Hinkle, May and Steve Wireback said they experience daily reminders of the victims they helped six years ago. All agreed it has become a part of who they are.

They sympathized with the Aurora first-responders who recently began the painful process of trying to make sense of senseless tragedy.

"How can you make sense of a guy going berserk and doing this kind of thing?" Hinkle asked. "People always say, 'Put it behind you.'

"I don't think you really can."

Wireback said that, in the days after Nickel Mines, the sight of green grass reminded him of the victims he had carried across a recess yard that day.

The students had played ball before Roberts came to the front door with a truck full of ammunition.

"The next day I was thinking about quitting," Wireback said.

May recalls the remnants of what were the five victims' last games.

"The baseball diamond, the bats and the gloves," May said. "It's the devastation of life at such an innocent environment.

"Who would have thought it would happen there?" he continued. "Who would have thought it would happen at a movie theater?"

Hinkle helped save one girl that day. Another girl he cared for passed away.

"I can still see the girls' faces," he said Friday. "You don't forget them."

In the aftermath, all three handled their grief differently.

Wireback took advantage of the Lancaster EMS employee assistance program, which provided counseling, and he relied on peer advice.

Hinkle said he kept a lot of emotions inside and leaned on his family for support.

May said he became even more protective of his kids.

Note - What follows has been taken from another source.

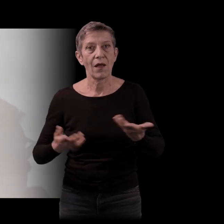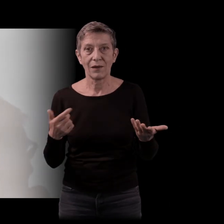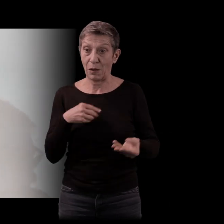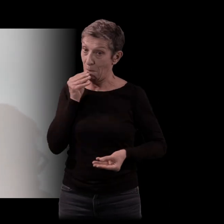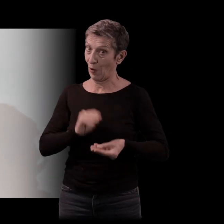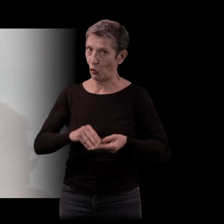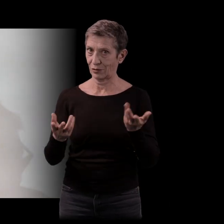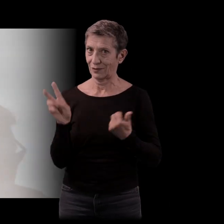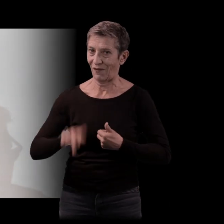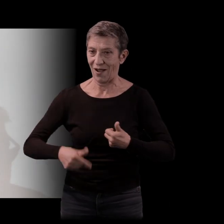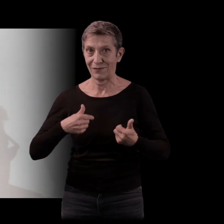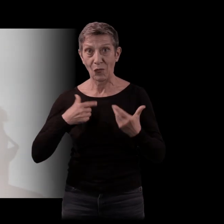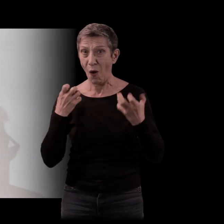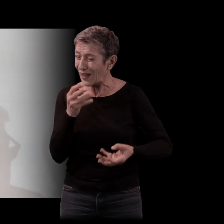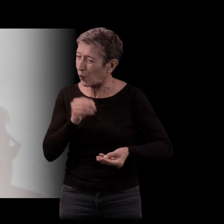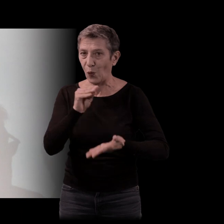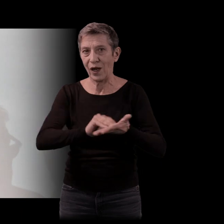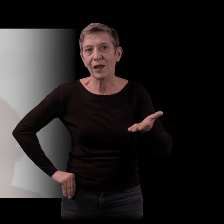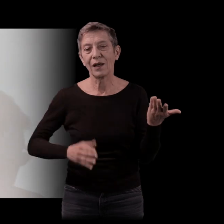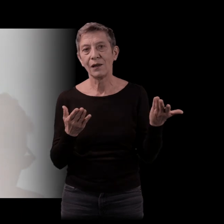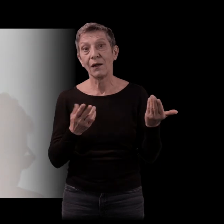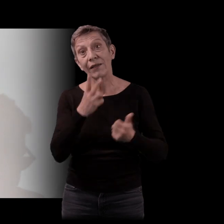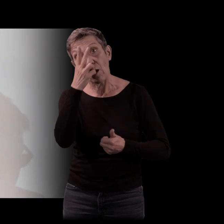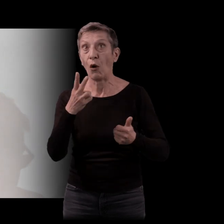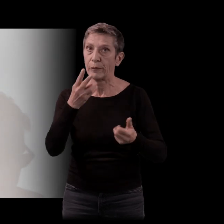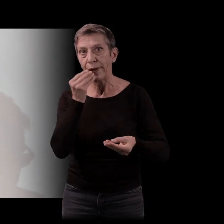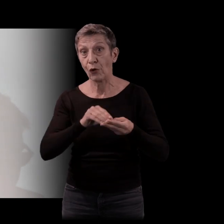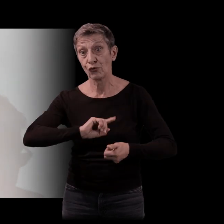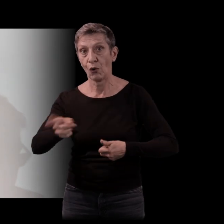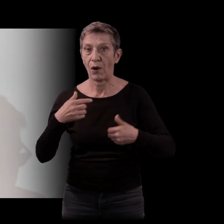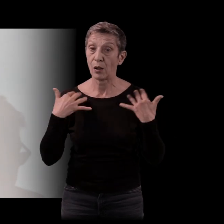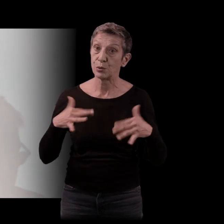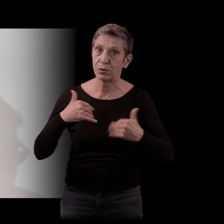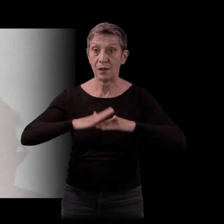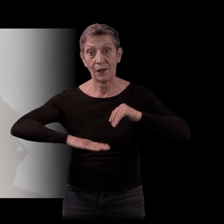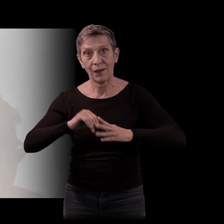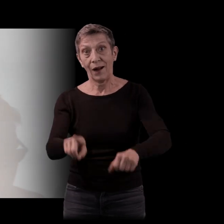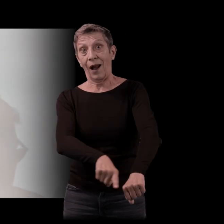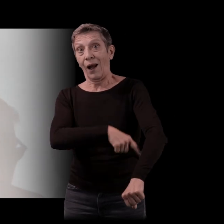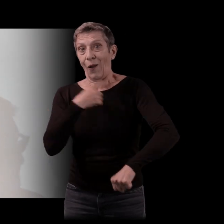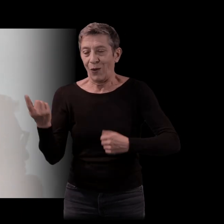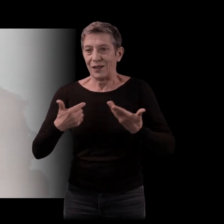mon désir d'écrire, pas tellement dans mon talent. En revanche, ça a mis longtemps à se construire. J'ai longtemps été médiocre.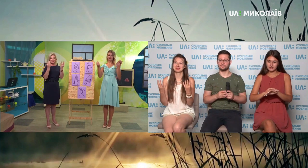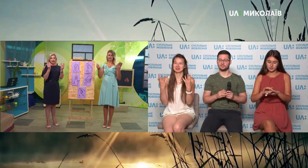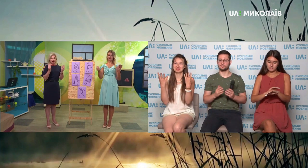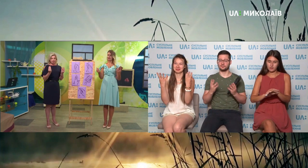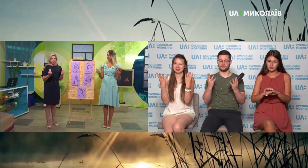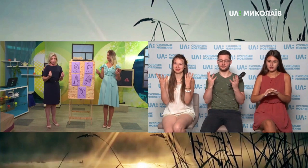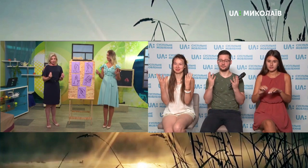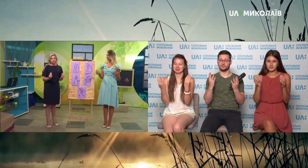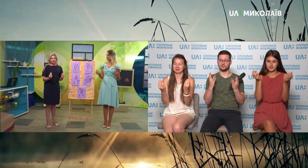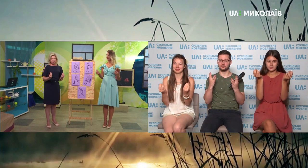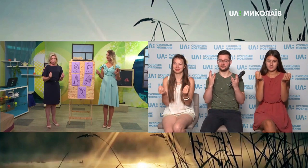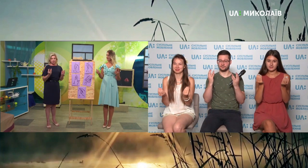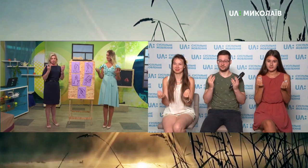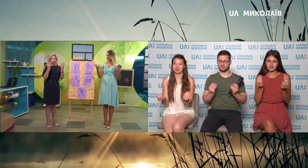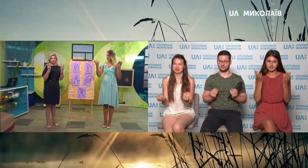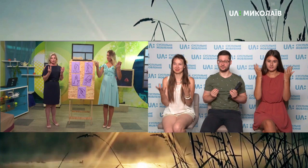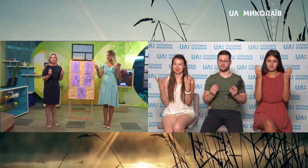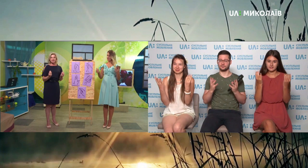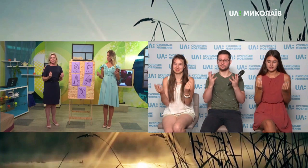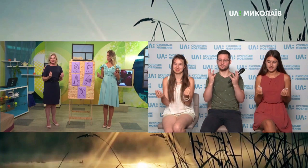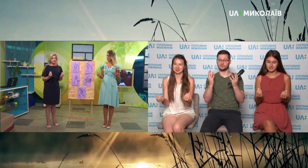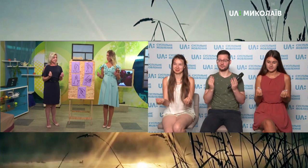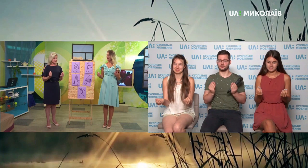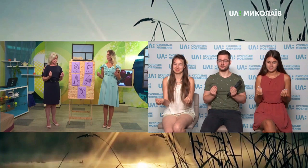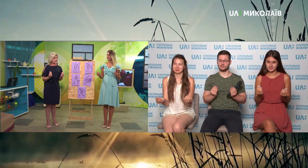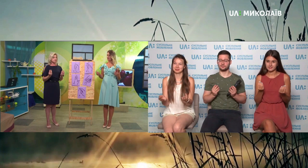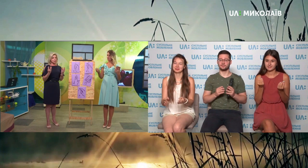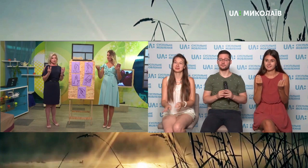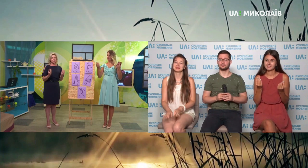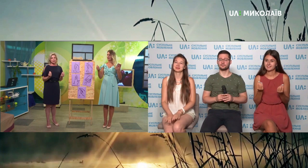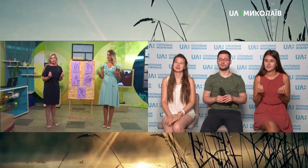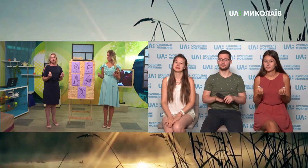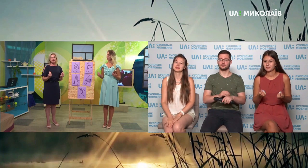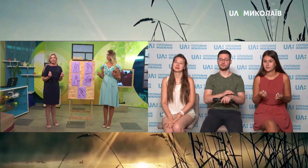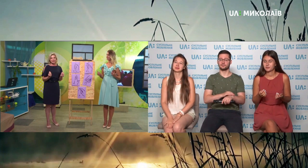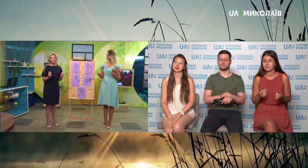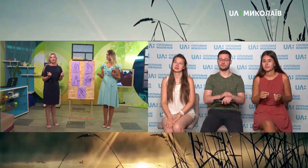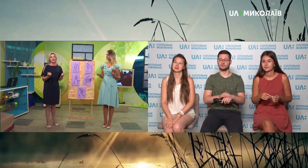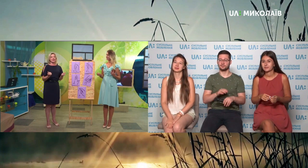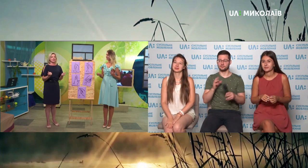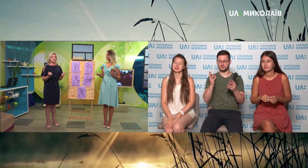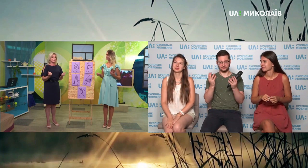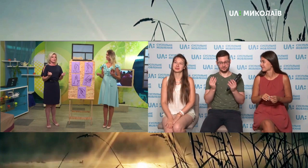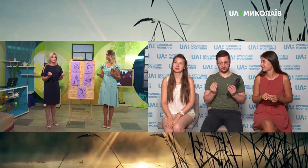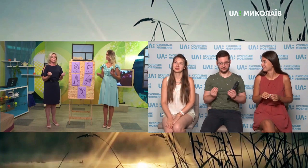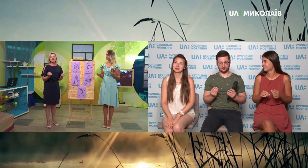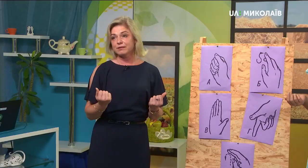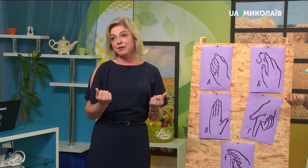а ми от тако донизу їх, «Добрий день». Так, з'єднуємо до низу, «Добрий день», «Привіт», ми

Meeting with the surviving victims, they said, provided some solace.

Wireback helped 11-year-old Barbie Fisher, who lost her older sister, Marian, that day. Sometime later, Wireback met with the Fisher family.

"I asked 'Do you remember me?'" Wireback recalled of meeting Barbie. "It was a steppingstone in the process."

Wireback also delivered a message to John Fisher, the girls' father.

"I just want you to know we did all we could," Wireback told the man. Mr. Fisher responded with concern for Wireback's well-being.

Hinkle had a reunion with a different girl, whom he preferred not to name.

"She was a pretty, pleasant little girl," he said with a smile. "It was good for both of us."

The local team said reunions with the survivors will only help the first-responders in Aurora.

The riddle of why such senseless violence took place, however, likely will remain.

"You're talking kids here. They didn't do anything to anybody," Wireback said, noting that several of the Aurora victims were children. "They were just trying to learn."

May said: "Who would ever assume you can't send your child to school or a movie theater?"

As the news broke last week of what happened in Aurora, the local crew said their initial thoughts were of their comrades many miles away.

"I hope those guys in Colorado get through it OK," Wireback said. "I'm sure they will."